Entries taken from a collection
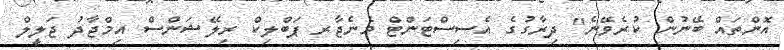
އޮންތައް ބޭނުން ކުރެވޭނެ" ދިރާގުގެ އެސިސްޓަންޓް މެނެޖާރ ޕަބްލިކް ރިލޭޝަންސް އިމްޖާދު ޖަލީލް
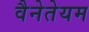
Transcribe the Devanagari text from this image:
वैनेतेयम
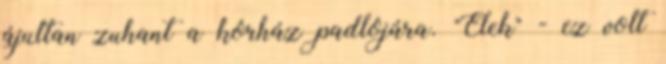
ájultan zuhant a kórház padlójára. "Élek" - ez volt
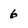
Character: 6
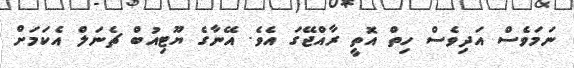
ނަމަވެސް އަދިވެސް ހިތް އޮތީ ރާއްޖޭގަ އެވެ. އޭނާގެ ޔޫޓިއުބް ޗެނަލް އެކަމަށް
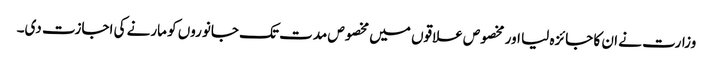
وزارت نے ان کا جائزہ لیا اور مخصوص علاقوں میں مخصوص مدت تک جانوروں کو مارنے کی اجازت دی۔
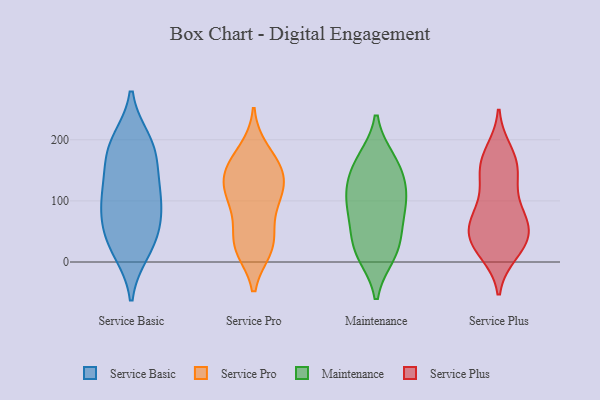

▶ **Your instructions**
All of the entries must be reproduced exactly, with no pictures kept.

▶ **Reply to the task**
އޮންތައް ބޭނުން ކުރެވޭނެ" ދިރާގުގެ އެސިސްޓަންޓް މެނެޖާރ ޕަބްލިކް ރިލޭޝަންސް އިމްޖާދު ޖަލީލް
Transcribe the Devanagari text from this image:
वैनेतेयम
ájultan zuhant a kórház padlójára. "Élek" - ez volt
Character: 6
ނަމަވެސް އަދިވެސް ހިތް އޮތީ ރާއްޖޭގަ އެވެ. އޭނާގެ ޔޫޓިއުބް ޗެނަލް އެކަމަށް
وزارت نے ان کا جائزہ لیا اور مخصوص علاقوں میں مخصوص مدت تک جانوروں کو مارنے کی اجازت دی۔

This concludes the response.